The Comstock took two things off Lake Tahoe: its timber, and its water. The timber went down the lumber flumes from Glenbrook & Spooner Summit; the water went up — over a mountain range, under its own pressure, in what was for a time the most audacious pipeline on earth. By the early 1870s the springs under Virginia City had failed, and the richest silver district in America was a desert town with nothing to drink. The fix, drawn up by a Prussian engineer named Hermann Schussler, was to reach across to the Sierra's east slope and simply carry the water home.

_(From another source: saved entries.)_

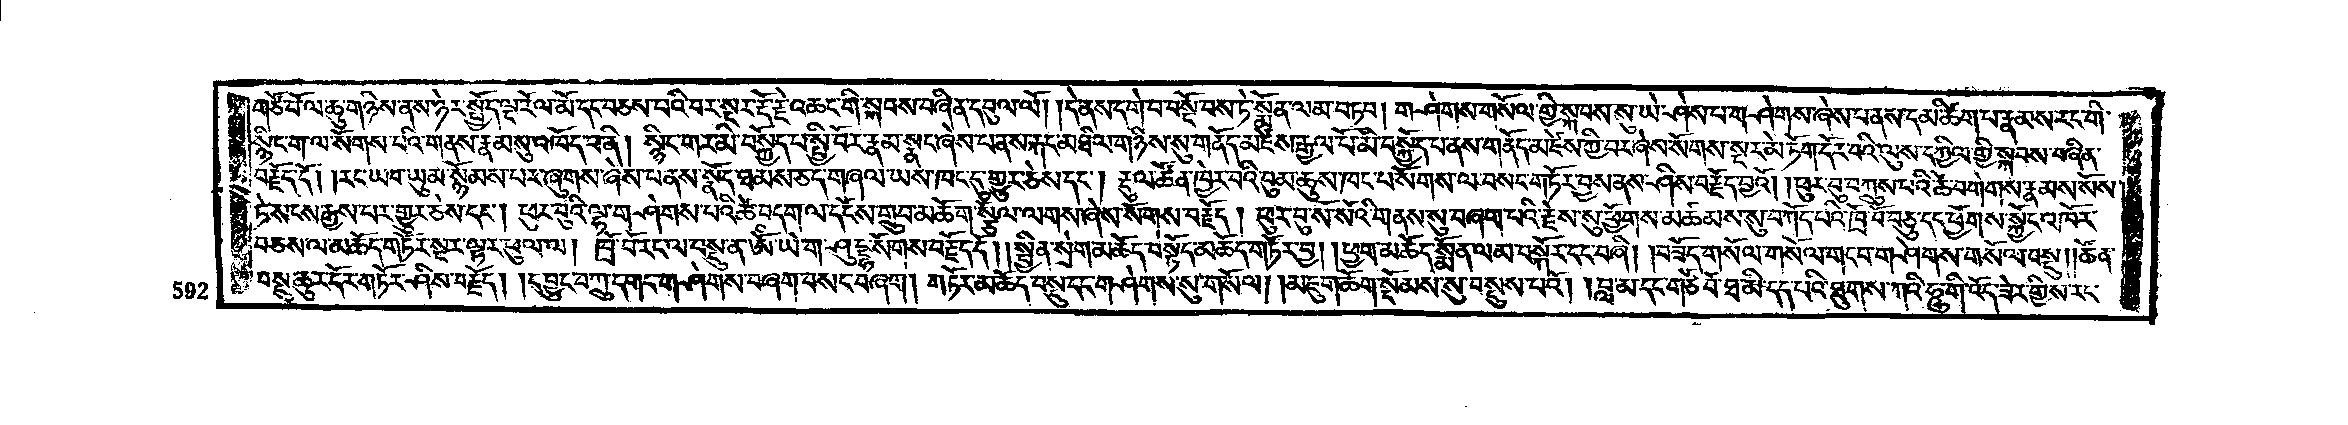གཙོ་བོ་ལ་ཆུ་གཉིས་ནས་ཉེར་སྤྱོད་ལྔ་རོལ་མོ་དང་བཅས་པའི་བར་སྔར་རྡོ་རྗེ་འཆང་གི་སྐབས་བཞིན་དབུལ་ལོ། །དེ་ནས་དགེ་བ་བསྔོ་བས་ཏེ་སྨོན་ལམ་བཏབ། གཤེགས་གསོལ་གྱི་སྐབས་སུ་ཡེ་ཤེས་པ་གཤེགས་ཞེས་པ་ནས་དམ་ཚིག་པ་རྣམས་རང་གི་
སྙིང་ག་ལ་སོགས་པའི་གནས་རྣམས་སུ་འཁོད་པ་ནི། སྙིང་གར་མི་བསྐྱོད་པ་སྤྱི་བོར་རྣམ་སྣང་ཞེས་པ་ནས་རྐང་མཐིལ་གཉིས་སུ་གནོད་མཛེས་རྒྱལ་པོ་མི་བསྐྱོད་པ་ནས་གནོད་མཛེས་ཀྱི་བར་ཞེས་སོགས་སྔར་མེ་ཏོག་དོར་བའི་ལུས་དཀྱིལ་གྱི་སྐབས་བཞིན་
བརྗོད་དོ། །རང་ཡབ་ཡུམ་སྙོམས་པར་ཞུགས་ཞེས་པ་ནས་སྣོད་ཐམས་ཅད་གཞལ་ཡས་ཁང་དུ་གྱུར་ཅེས་དང་། རྡུལ་ཚོན་ཁྱེར་བའི་བུམ་ཆུས་ཁང་པ་སོགས་ལ་བསང་གཏོར་བྱས་ནས་ཤིས་བརྗོད་བྱའོ། །ཕུར་བུ་བཀྲུས་པའི་ཚེ་བགེགས་རྣམས་སོས་
ཏེ་སངས་རྒྱས་པར་གྱུར་ཅེས་དང་། ཕུར་བུའི་ལྷ་གཤེགས་པའི་ཚེ་བདག་ལ་དངོས་གྲུབ་མཆོག་སྩོལ་ལགས་ཞེས་སོགས་བརྗོད། ཕུར་བུ་སོ་སོའི་གནས་སུ་བཞག་པའི་རྗེས་སུ་ཕྱོགས་མཚམས་སུ་བཀོད་པའི་ཁྲོ་བོ་བཅུ་དང་ཕྱོགས་སྐྱོང་འཁོར་
བཅས་ལ་མཆོད་གཏོར་སྔར་ལྟར་ཕུལ་ལ། ཁྲོ་བོ་རང་ལ་བསྡུ་ན་ཨོཾ་ཡི་ག་ཤུདྡྷ་སོགས་བརྗོད་དེ། །སྦྱིན་སྲེག་མཆོད་བསྟོད་མཆོད་གཏོར་བྱ། །ཕྱག་མཆོད་སྨོན་ལམ་བསྐོར་དང་བཞི། །བཟོད་གསོལ་གསོལ་གདབ་གཤེགས་གསོལ་བསྡུ། །ཚོན་
བསྡུ་ཆུ་དོར་གཏོར་ཤིས་བརྗོད། །དབྱུང་བཀྐྲུ་དགང་གཤེགས་བཞག་བསང་བཞག །གཏོར་མཆོད་བསྡུ་དང་གཤེགས་སུ་གསོལ། །མཇུག་ཆོག་སྡོམས་སུ་བསྡུས་པའོ། །བླ་མ་དང་གཙོ་བོ་ཐ་མི་དད་པའི་ཐུགས་ཀའི་ཧཱུཾ་གི་འོད་ཟེར་གྱིས་རང་

The obstacle was that a range stood in the way, and beyond it lay the deep trough of Washoe Valley. Schussler's answer was an inverted siphon: a riveted wrought-iron pipe that ran down one wall of the valley and back up the other, the water driven uphill by nothing but the weight of the water behind it. At the bottom of the dip the pressure passed eight hundred pounds per square inch — the highest-pressure pipeline in the world when it opened in 1873, double any before it. The pipe weighed seven hundred tons, held together by something like a million rivets, its iron shipped from Scotland and rolled in San Francisco. Men and mules laid the first seven miles across brutal country in about six weeks, and when the water reached Virginia City that August the town fired cannon and lit bonfires in the streets.

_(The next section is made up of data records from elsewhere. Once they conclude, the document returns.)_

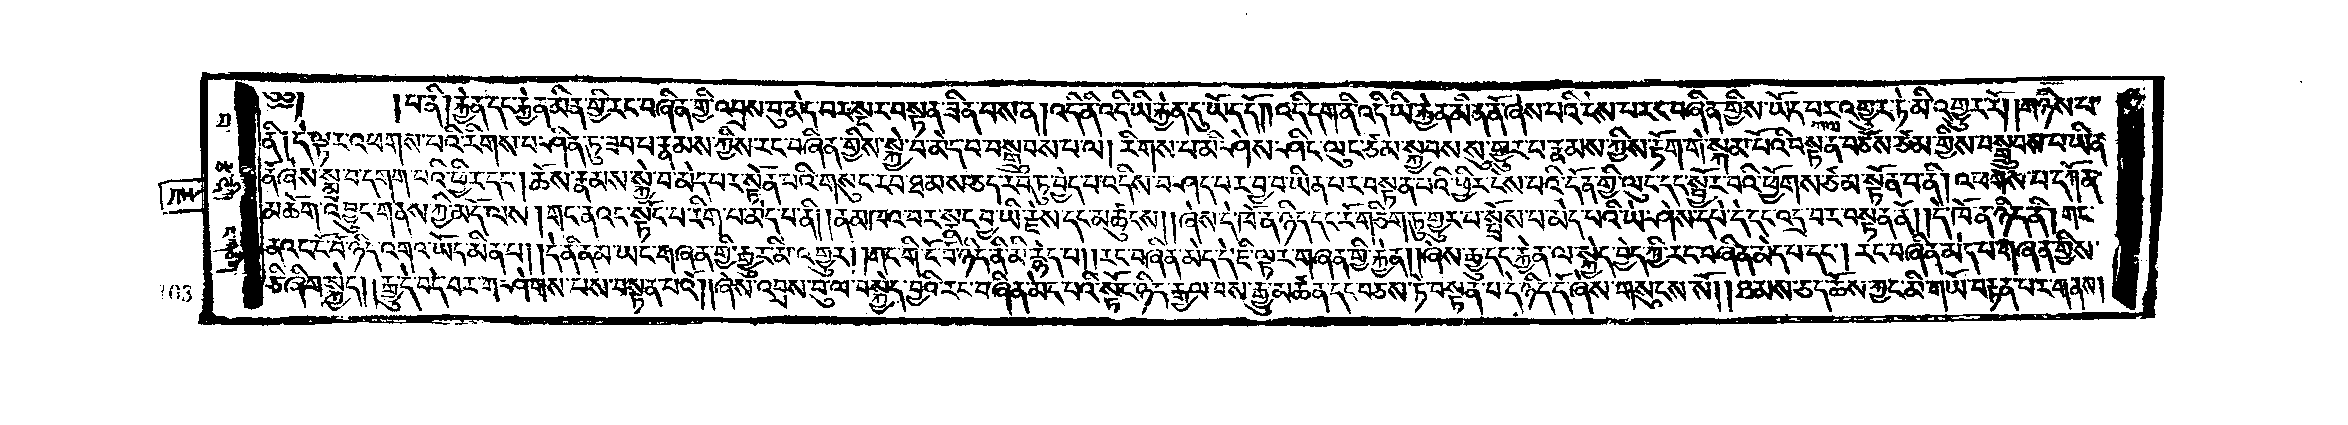༄༅། །པ་ནི། རྐྱེན་དང་རྐྱེན་མིན་གྱི་རང་བཞིན་གྱི་འབྲས་བུ་མེད་པར་སྔར་བསྟན་ཟིན་པས་ན། འདི་ནི་འདི་ཡི་རྐྱེན་དུ་ཡོད་དོ། །འདི་དག་ནི་འདི་ཡི་རྐྱེན་མིན་ནོ་ཞེས་པའི་ངེས་པ་རང་བཞིན་གྱིས་ཡོད་པར་འགྱུར་ཏེ་མི་འགྱུར་རོ། །གཉིས་པ་
ནི། དེ་ལྟར་འཕགས་པའི་རིགས་པ་ཤིན་ཏུ་ཟབ་པ་རྣམས་ཀྱིས་རང་བཞིན་གྱིས་སྐྱེ་བ་མེད་པ་བསྒྲུབས་པ་ལ། རིགས་པ་མི་ཤེས་ཤིང་ལུང་ཙམ་སྐྱབས་སུ་གྱུར་པ་རྣམས་ཀྱིས་རྟོག་གེ་སྐམ་པོའི་བསྟན་བཅོས་ཙམ་གྱིས་བསྒྲུབས་པ་ཡིན་
ནོ་ཞེས་སྨྲ་བ་དགག་པའི་ཕྱིར་དང་། ཆོས་རྣམས་སྐྱེ་བ་མེད་པར་སྟོན་པའི་གསུང་རབ་ཐམས་ཅད་རབ་ཏུ་བྱེད་པ་འདིས་བཤད་པར་བྱ་བ་ཡིན་པར་བསྟན་པའི་ཕྱིར་ངེས་པའི་དོན་གྱི་ལུང་དང་སྦྱོར་བའི་ཕྱོགས་ཙམ་སྟོན་པ་ནི། འཕགས་པ་དཀོན་
མཆོག་འབྱུང་གནས་ཀྱི་མདོ་ལས། གང་ནའང་སྟོང་པ་རིག་པ་མེད་པ་ནི། །ནམ་མཁའ་བར་སྣང་བྱ་ཡི་རྗེས་དང་མཚུངས། །ཞེས་དེ་ཁོ་ན་ཉིད་དང་རོ་གཅིག་ཏུ་གྱུར་པ་སྤྲོས་པ་མེད་པའི་ཡེ་ཤེས་དཔེ་དེ་དང་འདྲ་བར་བསྟན་ནོ། །དེ་ཁོ་ན་ཉིད་ནི། གང་
ནའང་ངོ་བོ་ཉིད་འགའ་ཡོད་མིན་པ། །དེ་ནི་ནམ་ཡང་གཞན་གྱི་རྒྱུར་མི་འགྱུར། །གང་གི་ངོ་བོ་ཉིད་ནི་མི་རྙེད་པ། །རང་བཞིན་མེད་དེ་ཇི་ལྟར་གཞན་གྱི་རྐྱེན། །ཞེས་རྒྱུ་དང་རྐྱེན་ལ་སྐྱེད་བྱེད་ཀྱི་རང་བཞིན་མེད་པ་དང་། རང་བཞིན་མེད་པ་གཞན་གྱིས་
ཅི་ཞིག་སྐྱེད། །རྒྱུ་དེ་བདེ་བར་གཤེགས་པས་བསྟན་པའོ། །ཞེས་འབྲས་བུ་ལ་བསྐྱེད་བྱའི་རང་བཞིན་མེད་པའི་སྟོང་ཉིད་རྒྱལ་བས་རྒྱུ་མཚན་དང་བཅས་ཏེ་བསྟན་པ་དེ་ཉིད་དོ་ཞེས་གསུངས་སོ། །ཐམས་ཅད་ཆོས་ཀྱང་མི་གཡོ་བརྟན་པར་གནས།

The source they finally tapped was Marlette Lake, a reservoir high in the Carson Range — first dammed in the 1860s for logging, then enlarged to feed the Comstock, its water sent through a flume and a four-thousand-foot tunnel bored clean through the mountain's spine. The remarkable part is that it never stopped. Nevada bought the whole system in 1963, and it still runs: Marlette water remains the only raw source for Virginia City, pushed through that same inverted siphon beneath the interstate and back up Washoe Valley, some of the original century-and-a-half-old pipe still in the ground. As one state engineer puts it, you don't go hunting for a leak in that line — at hundreds of pounds of pressure, it makes its own hole.

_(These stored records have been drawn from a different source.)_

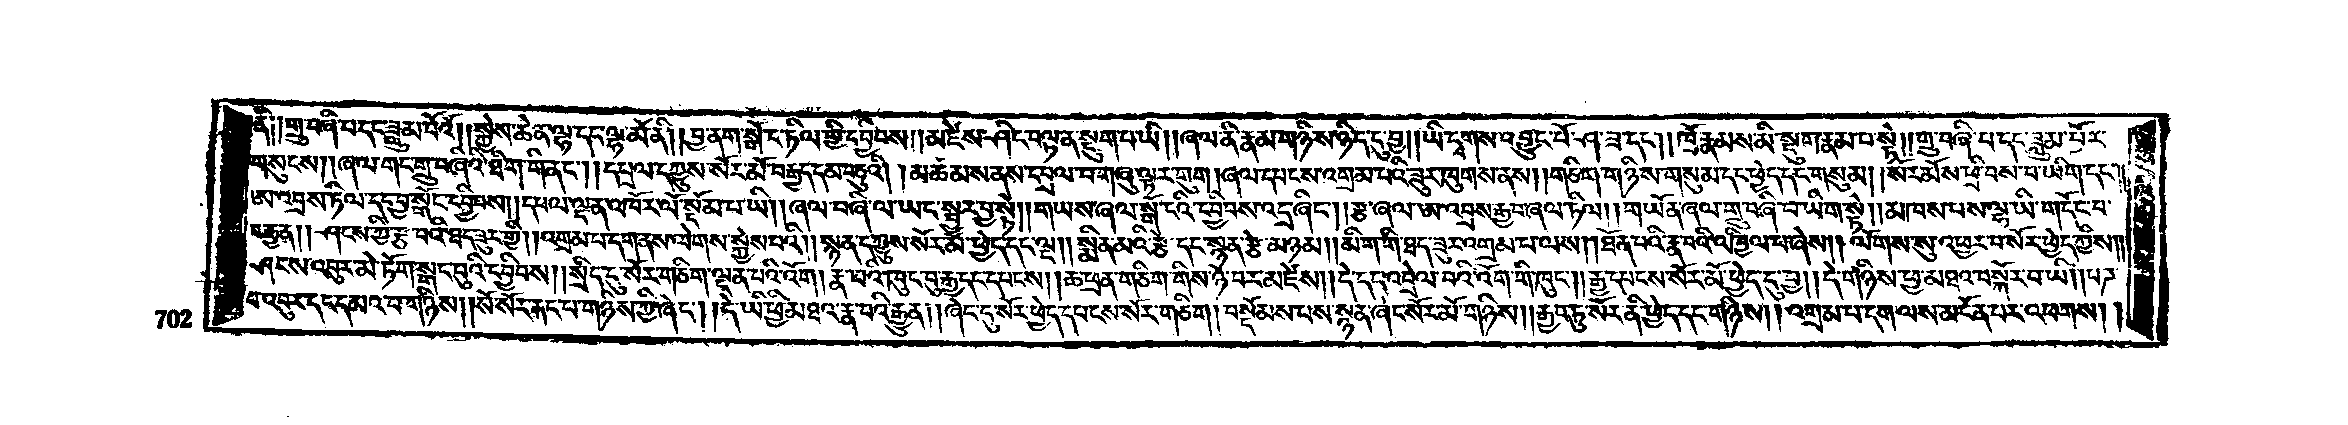ནི། །གྲུ་བཞི་པ་དང་ཟླུམ་པོའོ། །སྐྱེས་ཆེན་ལྷ་དང་ལྷ་མོ་ནི། །བྱ་ནག་སྒོ་ང་ཏིལ་གྱི་དབྱིབས། །མཛེས་ཤིང་བལྟ་ན་སྡུག་པ་ཡི། །ཞལ་ནི་རྣམ་གཉིས་ཉིད་དུ་བྱ། །ཡི་དྭགས་འབྱུང་པོ་ཤ་ཟ་དང་། །ཁྲོ་རྣམས་མི་སྡུག་རྣམ་པ་སྟེ། །གྲུ་བཞི་པ་དང་ཟླུམ་པོར་
གསུངས། །ཞལ་གང་གྲུ་བཞིའི་ཐིག་གི་ནང་། །དཔྲལ་དཀྱུས་སོར་མོ་བརྒྱད་དམ་བཅུའི། །མཚམས་ནས་དཔྲལ་བ་གཞུ་ལྟར་གུག །ཞལ་དཔངས་འགྲམ་པའི་ཟུར་ཁུགས་ནས། །གཅིག་གཉིས་གསུམ་དང་ཕྱེད་དང་གསུམ། །སོར་མོས་ཕྲི་བས་པ་ཡིག་དང་། །
ཨ་འབྲས་ཏིལ་དང་བྱ་སྒོང་དབྱིབས། །དཔལ་ལྡན་འཁོར་ལོ་སྡོམ་པ་ཡི། །ཞལ་བཞི་ལ་ཡང་སྦྱར་བྱ་སྟེ། །གཡས་ཞལ་སྒོ་ངའི་དབྱིབས་འདྲ་ཞིང་། །རྩ་ཞལ་ཨ་འབྲས་རྒྱབ་ཞལ་ཏིལ། །གཡོན་ཞལ་གྲུ་བཞི་པ་ཡིག་སྟེ། །མཁས་པས་ལྷ་ཡི་གདོང་པ་
བརྒྱན། །ཤངས་ཀྱི་རྩ་བའི་ཐད་ཟུར་གྱི། །འགྲམ་པ་དག་ནས་ལེགས་སྐྱེས་པའི། །སྙན་དཀྱུས་སོར་མོ་ཕྱེད་དང་ལྔ། །སྨིན་མའི་རྩེ་དང་སྙན་རྩེ་མཉམ། །མིག་གི་ཐད་ཟུར་འགྲམ་པ་ལས། །ཐོན་པའི་རྣ་བའི་འཁྱིལ་པ་ཞེས། །ལོགས་སུ་འཕྱར་བ་སོར་ཕྱེད་ཀྱིས། །
ཤངས་འབུར་མེ་ཏོག་སྒང་བུའི་དབྱིབས། །སྲིད་དུ་སོར་གཅིག་ལྡན་པའི་འོག །རྣ་བའི་ཁུང་བུ་རྒྱ་དང་དཔངས། །ཆ་ཕྲན་གཅིག་གིས་ཉེ་བར་མཛེས། །དེ་དང་འབྲེལ་བའི་འོག་གི་ཁུང་། །རྒྱ་དཔངས་སོར་མོ་ཕྱེད་དུ་བྱ། །དེ་གཉིས་ཕྱ་མཐའ་བསྐོར་བ་ཡི། །པཌ་
པ་འབུར་དང་དམའ་བ་གཉིས། །སོ་སོར་རྐང་པ་གཉིས་ཀྱི་ཞེང་། །དེ་ཡི་ཕྱི་མཐའ་རྣ་བའི་རྒྱུན། །ཞེང་དུ་སོར་ཕྱེད་དཔངས་སོར་གཅིག །བསྡོམས་པས་སྙན་ཞེང་སོར་མོ་གཉིས། །རྒྱབ་ཏུ་སོར་ནི་ཕྱེད་དང་གཉིས། །འགྲམ་པ་དག་ལས་མངོན་པར་འཕགས། །

What's here now is the trail the flume left behind. When the wooden water flume was pulled out, its dead-level grade stayed, cut into the mountainside a few hundred feet above the lake — and it became the Flume Trail, one of the most famous mountain-bike rides in the country, a narrow bench with all of Tahoe falling away blue on one side. Marlette Lake itself sits at the top of the climb, closed to cars, reached only by the five-mile walk or ride up North Canyon from Spooner Lake. Its water still feeds the Comstock, and its fish now feed the state: Nevada raises Lahontan cutthroat here — the native trout that vanished from Tahoe — and ships the eggs out to restock waters across Nevada. The old earthen dam is being rebuilt as this is written, braced against the same earthquakes that keep deepening the lake below.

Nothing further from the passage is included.